● **TASK OBJECTIVE**: Please write out exactly the lines that begin at the line containing "STEP (ISO 10303-21)" and run to the end of the records.

[Dataset records]
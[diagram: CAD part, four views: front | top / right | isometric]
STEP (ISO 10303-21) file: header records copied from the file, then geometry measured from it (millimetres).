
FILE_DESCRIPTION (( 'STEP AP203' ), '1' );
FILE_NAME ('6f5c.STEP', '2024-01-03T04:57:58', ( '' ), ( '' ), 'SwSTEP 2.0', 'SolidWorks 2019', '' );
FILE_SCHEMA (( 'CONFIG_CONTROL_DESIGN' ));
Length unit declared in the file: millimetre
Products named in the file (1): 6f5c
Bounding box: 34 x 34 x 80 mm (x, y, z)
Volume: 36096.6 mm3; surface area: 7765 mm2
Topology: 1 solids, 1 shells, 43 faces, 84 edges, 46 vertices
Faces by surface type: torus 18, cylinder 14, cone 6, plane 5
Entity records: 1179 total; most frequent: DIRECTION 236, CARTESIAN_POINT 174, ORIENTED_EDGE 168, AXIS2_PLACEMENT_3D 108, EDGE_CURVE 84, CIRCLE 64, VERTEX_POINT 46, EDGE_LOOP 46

● **SOLUTION BELOW**:
STEP (ISO 10303-21) file: header records copied from the file, then geometry measured from it (millimetres).
FILE_DESCRIPTION (( 'STEP AP203' ), '1' );
FILE_NAME ('6f5c.STEP', '2024-01-03T04:57:58', ( '' ), ( '' ), 'SwSTEP 2.0', 'SolidWorks 2019', '' );
FILE_SCHEMA (( 'CONFIG_CONTROL_DESIGN' ));
Length unit declared in the file: millimetre
Products named in the file (1): 6f5c
Bounding box: 34 x 34 x 80 mm (x, y, z)
Volume: 36096.6 mm3; surface area: 7765 mm2
Topology: 1 solids, 1 shells, 43 faces, 84 edges, 46 vertices
Faces by surface type: torus 18, cylinder 14, cone 6, plane 5
Entity records: 1179 total; most frequent: DIRECTION 236, CARTESIAN_POINT 174, ORIENTED_EDGE 168, AXIS2_PLACEMENT_3D 108, EDGE_CURVE 84, CIRCLE 64, VERTEX_POINT 46, EDGE_LOOP 46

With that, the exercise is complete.